(Source data)
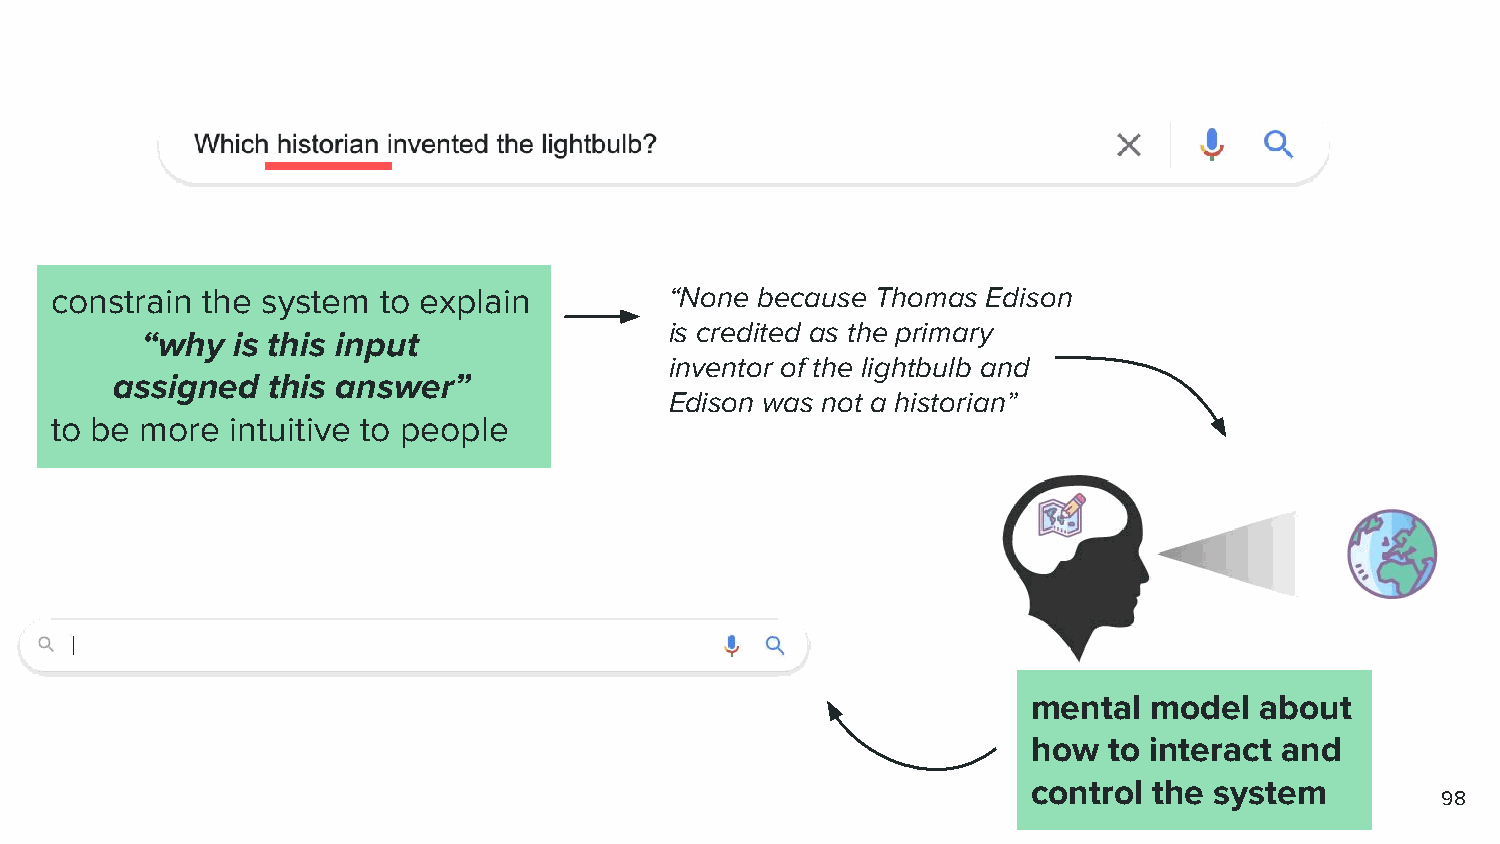
constrain the system  to explain         “None because Thomas Edison
 is credited as the primary
 “why  is this input
 inventor of the lightbulb and
 assigned  this answer”
 Edison was not a historian”
 to be more  intuitive to people
 mental  model  about
 how  to interact and
 control the system
 98

■ **Your task**:
Set out exactly the run of lines that begins at the line holding "Edison was not" and ends at the last line of the data.

■ **Answer to this exercise**:
 Edison was not a historian”
 to be more  intuitive to people
 mental  model  about
 how  to interact and
 control the system
 98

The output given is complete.